**What the exercise asks:**
Could you return each entry below exactly as written, minus any pictures?

**Source records:**
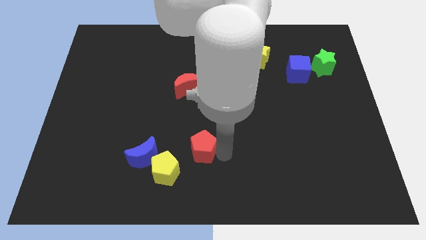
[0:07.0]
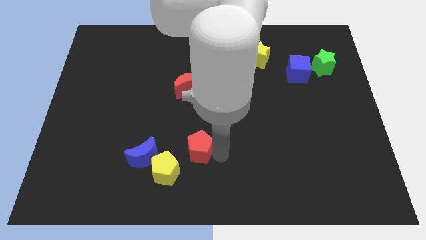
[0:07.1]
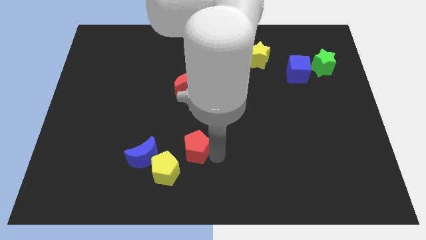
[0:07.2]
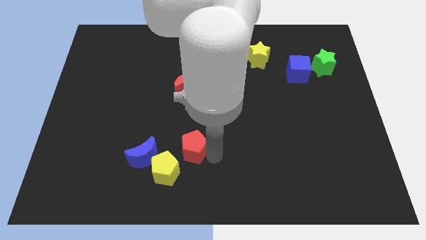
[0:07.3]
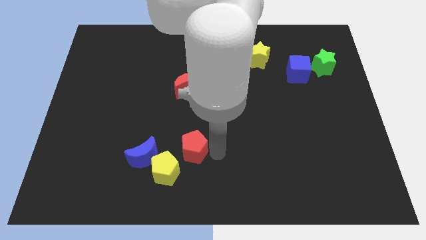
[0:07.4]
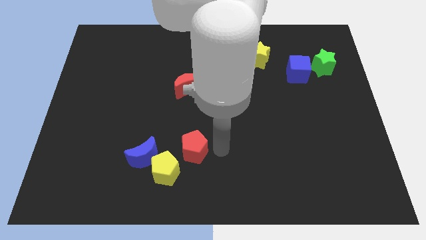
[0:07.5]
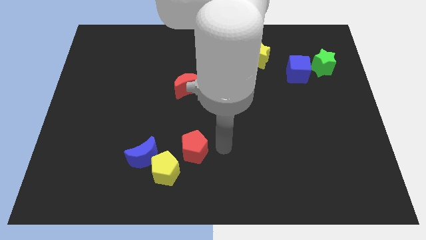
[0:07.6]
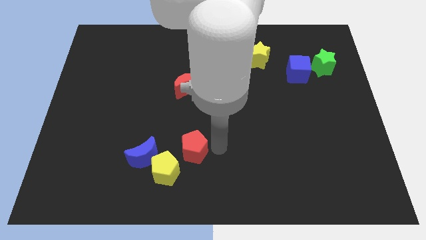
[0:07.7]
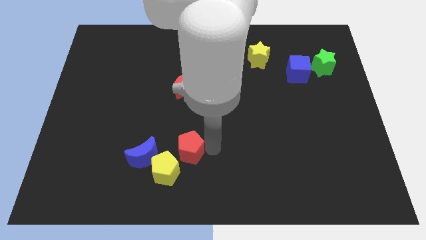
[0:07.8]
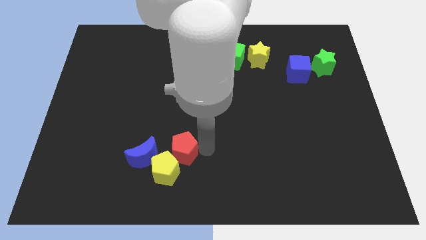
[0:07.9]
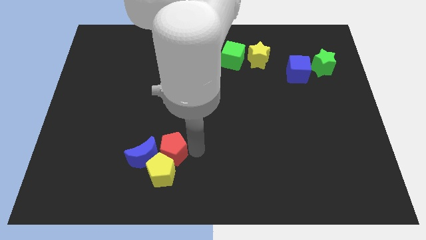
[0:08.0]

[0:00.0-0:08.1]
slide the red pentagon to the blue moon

**Response:**
[0:07.0]
[0:07.1]
[0:07.2]
[0:07.3]
[0:07.4]
[0:07.5]
[0:07.6]
[0:07.7]
[0:07.8]
[0:07.9]
[0:08.0]

[0:00.0-0:08.1]
slide the red pentagon to the blue moon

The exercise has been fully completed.